A 10-day course of the inexpensive antidepressant fluvoaxamine cut the risk of COVID-19-related hospitalization by 32 percent in infected patients with comorbidities, a research team in Brazil has found.

And patients who took the drug as prescribed were 66 percent less likely to be hospitalized for the infection than patients who took a placebo, reported Gilmar Reis of the Pontifical Catholic University of Minas Gerais and colleagues in the journal Lancet Global Health.  The drug also more than halved mortality, from 2 percent in the placebo group to less than 1 percent in the treatment group.

The intervention was so successful that an independent Data Safety Monitoring Committee stopped the randomization phase of the trial. The study is continuing in an open-label format, the team said. Twenty patients would have to take the medication to prevent one patient’s hospitalization.

The results are particularly intriguing given the study population. The TOGETHER trial was conducted in Brazil, and 95 percent of the study population was of mixed race. COVID-19 study cohorts in the U.S. typically lean heavily to white patients. This is problematic, given that racial and ethnic minorities are more likely to have the medical comorbidities that increase the risk of poor COVID-19 outcomes.

The cohort comprised 1,497 patients with PCR-proven COVID-19 infections and at least one underlying medical condition, including obesity, hypertension, or respiratory, cardiac, or kidney disease. They received either placebo or 100 mg fluvoxamine twice a day for 10 days. The primary outcome was a composite endpoint of COVID-19 emergency room stays of at least 6 hours or hospitalizations.  The emergency room stay was included as a proxy for hospitalization because when the study was conducted, Brazilian hospitals were often full, so many COVID-19 patients received care in extended ER admissions.

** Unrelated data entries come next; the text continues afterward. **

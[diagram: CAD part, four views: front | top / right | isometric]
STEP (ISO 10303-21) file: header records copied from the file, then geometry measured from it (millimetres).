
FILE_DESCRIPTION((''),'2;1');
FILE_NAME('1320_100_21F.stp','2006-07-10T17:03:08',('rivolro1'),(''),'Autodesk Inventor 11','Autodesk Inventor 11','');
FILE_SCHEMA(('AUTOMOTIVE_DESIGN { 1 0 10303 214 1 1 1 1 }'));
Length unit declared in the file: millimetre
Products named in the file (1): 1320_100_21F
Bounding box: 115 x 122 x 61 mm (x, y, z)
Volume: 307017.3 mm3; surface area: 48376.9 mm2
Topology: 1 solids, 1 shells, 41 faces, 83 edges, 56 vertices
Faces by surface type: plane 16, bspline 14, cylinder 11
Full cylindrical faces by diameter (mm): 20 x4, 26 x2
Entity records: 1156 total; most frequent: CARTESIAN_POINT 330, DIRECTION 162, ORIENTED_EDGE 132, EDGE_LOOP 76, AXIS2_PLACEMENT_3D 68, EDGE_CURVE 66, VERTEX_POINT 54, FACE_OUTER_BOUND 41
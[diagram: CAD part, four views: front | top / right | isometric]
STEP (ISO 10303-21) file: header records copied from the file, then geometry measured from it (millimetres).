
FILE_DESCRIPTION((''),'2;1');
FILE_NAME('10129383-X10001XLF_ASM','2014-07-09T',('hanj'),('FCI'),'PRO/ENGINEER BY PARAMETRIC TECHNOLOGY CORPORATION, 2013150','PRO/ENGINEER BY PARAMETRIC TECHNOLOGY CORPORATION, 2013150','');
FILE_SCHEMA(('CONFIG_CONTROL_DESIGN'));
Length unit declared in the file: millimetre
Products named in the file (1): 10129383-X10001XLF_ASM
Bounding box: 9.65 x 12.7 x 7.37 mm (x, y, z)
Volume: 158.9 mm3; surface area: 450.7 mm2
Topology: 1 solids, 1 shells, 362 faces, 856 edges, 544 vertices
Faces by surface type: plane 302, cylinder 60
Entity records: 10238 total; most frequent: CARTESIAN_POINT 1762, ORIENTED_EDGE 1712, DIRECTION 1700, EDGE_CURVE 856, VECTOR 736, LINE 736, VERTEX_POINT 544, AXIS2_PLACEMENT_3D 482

It’s important to note that fluvoxamine didn’t score on any of the secondary endpoints of viral clearance, number of hospital days, overall mortality, days on ventilation or time to recovery in the intention-to-treat analysis.

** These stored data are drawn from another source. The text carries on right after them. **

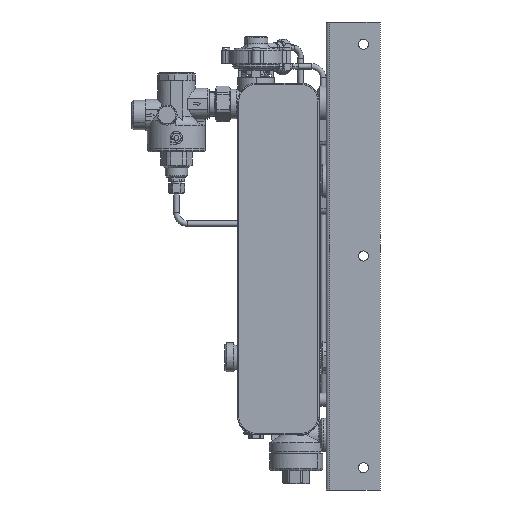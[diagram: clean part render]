
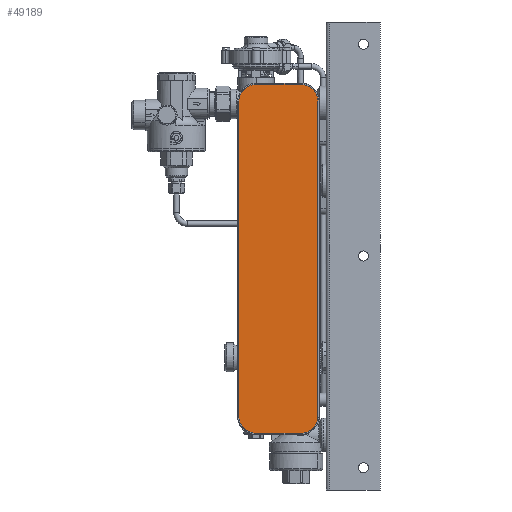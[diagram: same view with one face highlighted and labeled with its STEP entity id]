
A CAD part, left-side view. The second image highlights one B-rep face of the part: STEP entity #49189.
In plain terms, the highlighted planar face has unit normal (-1, 0, 0).
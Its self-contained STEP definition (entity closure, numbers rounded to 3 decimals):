
#49070=CARTESIAN_POINT('Axis2P3D Location',(-49.38,-43.,-139.)) ;
#49076=CARTESIAN_POINT('Control Point',(-49.38,-78.5,2.5)) ;
#49077=CARTESIAN_POINT('Control Point',(-49.38,-78.5,4.018)) ;
#49078=CARTESIAN_POINT('Control Point',(-49.38,-78.308,5.536)) ;
#49079=CARTESIAN_POINT('Control Point',(-49.38,-77.924,7.021)) ;
#49080=CARTESIAN_POINT('Control Point',(-49.38,-76.789,9.863)) ;
#49081=CARTESIAN_POINT('Control Point',(-49.38,-74.981,12.332)) ;
#49082=CARTESIAN_POINT('Control Point',(-49.38,-73.925,13.445)) ;
#49083=CARTESIAN_POINT('Control Point',(-49.38,-71.555,15.381)) ;
#49084=CARTESIAN_POINT('Control Point',(-49.38,-68.778,16.665)) ;
#49085=CARTESIAN_POINT('Control Point',(-49.38,-67.315,17.127)) ;
#49086=CARTESIAN_POINT('Control Point',(-49.38,-65.652,17.427)) ;
#49087=CARTESIAN_POINT('Control Point',(-49.38,-63.976,17.494)) ;
#49088=CARTESIAN_POINT('Control Point',(-49.38,-63.817,17.498)) ;
#49089=CARTESIAN_POINT('Control Point',(-49.38,-63.659,17.5)) ;
#49090=CARTESIAN_POINT('Control Point',(-49.38,-63.5,17.5)) ;
#49091=CARTESIAN_POINT('Vertex',(-49.38,-78.5,2.5)) ;
#49093=CARTESIAN_POINT('Vertex',(-49.38,-63.5,17.5)) ;
#49096=CARTESIAN_POINT('Line Origine',(-49.38,-43.,17.5)) ;
#49100=CARTESIAN_POINT('Vertex',(-49.38,-22.5,17.5)) ;
#49104=CARTESIAN_POINT('Control Point',(-49.38,-22.5,17.5)) ;
#49105=CARTESIAN_POINT('Control Point',(-49.38,-20.982,17.5)) ;
#49106=CARTESIAN_POINT('Control Point',(-49.38,-19.464,17.308)) ;
#49107=CARTESIAN_POINT('Control Point',(-49.38,-17.979,16.924)) ;
#49108=CARTESIAN_POINT('Control Point',(-49.38,-15.137,15.789)) ;
#49109=CARTESIAN_POINT('Control Point',(-49.38,-12.668,13.981)) ;
#49110=CARTESIAN_POINT('Control Point',(-49.38,-11.555,12.925)) ;
#49111=CARTESIAN_POINT('Control Point',(-49.38,-9.619,10.555)) ;
#49112=CARTESIAN_POINT('Control Point',(-49.38,-8.335,7.778)) ;
#49113=CARTESIAN_POINT('Control Point',(-49.38,-7.873,6.315)) ;
#49114=CARTESIAN_POINT('Control Point',(-49.38,-7.573,4.652)) ;
#49115=CARTESIAN_POINT('Control Point',(-49.38,-7.506,2.976)) ;
#49116=CARTESIAN_POINT('Control Point',(-49.38,-7.502,2.817)) ;
#49117=CARTESIAN_POINT('Control Point',(-49.38,-7.5,2.659)) ;
#49118=CARTESIAN_POINT('Control Point',(-49.38,-7.5,2.5)) ;
#49119=CARTESIAN_POINT('Vertex',(-49.38,-7.5,2.5)) ;
#49122=CARTESIAN_POINT('Line Origine',(-49.38,-7.5,-139.)) ;
#49126=CARTESIAN_POINT('Vertex',(-49.38,-7.5,-280.5)) ;
#49130=CARTESIAN_POINT('Control Point',(-49.38,-7.5,-280.5)) ;
#49131=CARTESIAN_POINT('Control Point',(-49.38,-7.5,-282.018)) ;
#49132=CARTESIAN_POINT('Control Point',(-49.38,-7.692,-283.536)) ;
#49133=CARTESIAN_POINT('Control Point',(-49.38,-8.076,-285.021)) ;
#49134=CARTESIAN_POINT('Control Point',(-49.38,-9.211,-287.863)) ;
#49135=CARTESIAN_POINT('Control Point',(-49.38,-11.019,-290.332)) ;
#49136=CARTESIAN_POINT('Control Point',(-49.38,-12.075,-291.445)) ;
#49137=CARTESIAN_POINT('Control Point',(-49.38,-14.445,-293.381)) ;
#49138=CARTESIAN_POINT('Control Point',(-49.38,-17.222,-294.665)) ;
#49139=CARTESIAN_POINT('Control Point',(-49.38,-18.685,-295.127)) ;
#49140=CARTESIAN_POINT('Control Point',(-49.38,-20.348,-295.427)) ;
#49141=CARTESIAN_POINT('Control Point',(-49.38,-22.024,-295.494)) ;
#49142=CARTESIAN_POINT('Control Point',(-49.38,-22.183,-295.498)) ;
#49143=CARTESIAN_POINT('Control Point',(-49.38,-22.341,-295.5)) ;
#49144=CARTESIAN_POINT('Control Point',(-49.38,-22.5,-295.5)) ;
#49145=CARTESIAN_POINT('Vertex',(-49.38,-22.5,-295.5)) ;
#49148=CARTESIAN_POINT('Line Origine',(-49.38,-43.,-295.5)) ;
#49152=CARTESIAN_POINT('Vertex',(-49.38,-63.5,-295.5)) ;
#49156=CARTESIAN_POINT('Control Point',(-49.38,-63.5,-295.5)) ;
#49157=CARTESIAN_POINT('Control Point',(-49.38,-65.018,-295.5)) ;
#49158=CARTESIAN_POINT('Control Point',(-49.38,-66.536,-295.308)) ;
#49159=CARTESIAN_POINT('Control Point',(-49.38,-68.021,-294.924)) ;
#49160=CARTESIAN_POINT('Control Point',(-49.38,-70.863,-293.789)) ;
#49161=CARTESIAN_POINT('Control Point',(-49.38,-73.332,-291.981)) ;
#49162=CARTESIAN_POINT('Control Point',(-49.38,-74.445,-290.925)) ;
#49163=CARTESIAN_POINT('Control Point',(-49.38,-76.381,-288.555)) ;
#49164=CARTESIAN_POINT('Control Point',(-49.38,-77.665,-285.778)) ;
#49165=CARTESIAN_POINT('Control Point',(-49.38,-78.127,-284.315)) ;
#49166=CARTESIAN_POINT('Control Point',(-49.38,-78.427,-282.652)) ;
#49167=CARTESIAN_POINT('Control Point',(-49.38,-78.494,-280.976)) ;
#49168=CARTESIAN_POINT('Control Point',(-49.38,-78.498,-280.817)) ;
#49169=CARTESIAN_POINT('Control Point',(-49.38,-78.5,-280.659)) ;
#49170=CARTESIAN_POINT('Control Point',(-49.38,-78.5,-280.5)) ;
#49171=CARTESIAN_POINT('Vertex',(-49.38,-78.5,-280.5)) ;
#49174=CARTESIAN_POINT('Line Origine',(-49.38,-78.5,-139.)) ;
#49098=VECTOR('Line Direction',#49097,1.) ;
#49124=VECTOR('Line Direction',#49123,1.) ;
#49150=VECTOR('Line Direction',#49149,1.) ;
#49176=VECTOR('Line Direction',#49175,1.) ;
#49071=DIRECTION('Axis2P3D Direction',(1.,0.,0.)) ;
#49072=DIRECTION('Axis2P3D XDirection',(0.,0.,-1.)) ;
#49097=DIRECTION('Vector Direction',(0.,1.,0.)) ;
#49123=DIRECTION('Vector Direction',(0.,0.,-1.)) ;
#49149=DIRECTION('Vector Direction',(0.,-1.,0.)) ;
#49175=DIRECTION('Vector Direction',(0.,0.,1.)) ;
#49073=AXIS2_PLACEMENT_3D('Plane Axis2P3D',#49070,#49071,#49072) ;
#49099=LINE('Line',#49096,#49098) ;
#49125=LINE('Line',#49122,#49124) ;
#49151=LINE('Line',#49148,#49150) ;
#49177=LINE('Line',#49174,#49176) ;
#49074=PLANE('',#49073) ;
#49095=EDGE_CURVE('',#49092,#49094,#49075,.T.) ;
#49102=EDGE_CURVE('',#49094,#49101,#49099,.T.) ;
#49121=EDGE_CURVE('',#49101,#49120,#49103,.T.) ;
#49128=EDGE_CURVE('',#49120,#49127,#49125,.T.) ;
#49147=EDGE_CURVE('',#49127,#49146,#49129,.T.) ;
#49154=EDGE_CURVE('',#49146,#49153,#49151,.T.) ;
#49173=EDGE_CURVE('',#49153,#49172,#49155,.T.) ;
#49178=EDGE_CURVE('',#49172,#49092,#49177,.T.) ;
#49180=ORIENTED_EDGE('',*,*,#49095,.T.) ;
#49181=ORIENTED_EDGE('',*,*,#49102,.T.) ;
#49182=ORIENTED_EDGE('',*,*,#49121,.T.) ;
#49183=ORIENTED_EDGE('',*,*,#49128,.T.) ;
#49184=ORIENTED_EDGE('',*,*,#49147,.T.) ;
#49185=ORIENTED_EDGE('',*,*,#49154,.T.) ;
#49186=ORIENTED_EDGE('',*,*,#49173,.T.) ;
#49187=ORIENTED_EDGE('',*,*,#49178,.T.) ;
#49179=EDGE_LOOP('',(#49180,#49181,#49182,#49183,#49184,#49185,#49186,#49187)) ;
#49092=VERTEX_POINT('',#49091) ;
#49094=VERTEX_POINT('',#49093) ;
#49101=VERTEX_POINT('',#49100) ;
#49120=VERTEX_POINT('',#49119) ;
#49127=VERTEX_POINT('',#49126) ;
#49146=VERTEX_POINT('',#49145) ;
#49153=VERTEX_POINT('',#49152) ;
#49172=VERTEX_POINT('',#49171) ;
#49189=ADVANCED_FACE('PartBody',(#49188),#49074,.F.) ;
#49075=B_SPLINE_CURVE_WITH_KNOTS('',5,(#49076,#49077,#49078,#49079,#49080,#49081,#49082,#49083,#49084,#49085,#49086,#49087,#49088,#49089,#49090),.UNSPECIFIED.,.F.,.U.,(6,3,3,3,6),(0.,10.733,21.466,32.199,33.321),.UNSPECIFIED.) ;
#49103=B_SPLINE_CURVE_WITH_KNOTS('',5,(#49104,#49105,#49106,#49107,#49108,#49109,#49110,#49111,#49112,#49113,#49114,#49115,#49116,#49117,#49118),.UNSPECIFIED.,.F.,.U.,(6,3,3,3,6),(0.,10.733,21.466,32.199,33.321),.UNSPECIFIED.) ;
#49129=B_SPLINE_CURVE_WITH_KNOTS('',5,(#49130,#49131,#49132,#49133,#49134,#49135,#49136,#49137,#49138,#49139,#49140,#49141,#49142,#49143,#49144),.UNSPECIFIED.,.F.,.U.,(6,3,3,3,6),(0.,10.733,21.466,32.199,33.321),.UNSPECIFIED.) ;
#49155=B_SPLINE_CURVE_WITH_KNOTS('',5,(#49156,#49157,#49158,#49159,#49160,#49161,#49162,#49163,#49164,#49165,#49166,#49167,#49168,#49169,#49170),.UNSPECIFIED.,.F.,.U.,(6,3,3,3,6),(0.,10.733,21.466,32.199,33.321),.UNSPECIFIED.) ;
#49188=FACE_OUTER_BOUND('',#49179,.T.) ;

This is the second time fluvoxamine has shown potential as a COVID-19 treatment. Last November, a smaller randomized study (152 patients) found that the drug prevented clinical deterioration in patients who took it relative to placebo (DID, Nov. 16, 2020).

The investigators aren’t quite sure how the drug mediates disease response, but proposed three possibilities:

  • Fluvoxamine exerts anti-inflammatory effects by preventing the release of several interleukins — proteins that are important in disease-driven inflammation.
  • It appears to also have antiplatelet activity. COVID-19 can cause diffuse clotting. Fluvoxamine is a selective serotonin reuptake inhibitor. When serotonin moves into platelets, clotting potential is increased.
  • Fluvoxamine increases melatonin levels, although the investigators didn’t speculate how increased melatonin might play into disease response.

On GoodRx, a 90-day supply of fluvoxamine averages about $100, making a 10-day supply right around $11.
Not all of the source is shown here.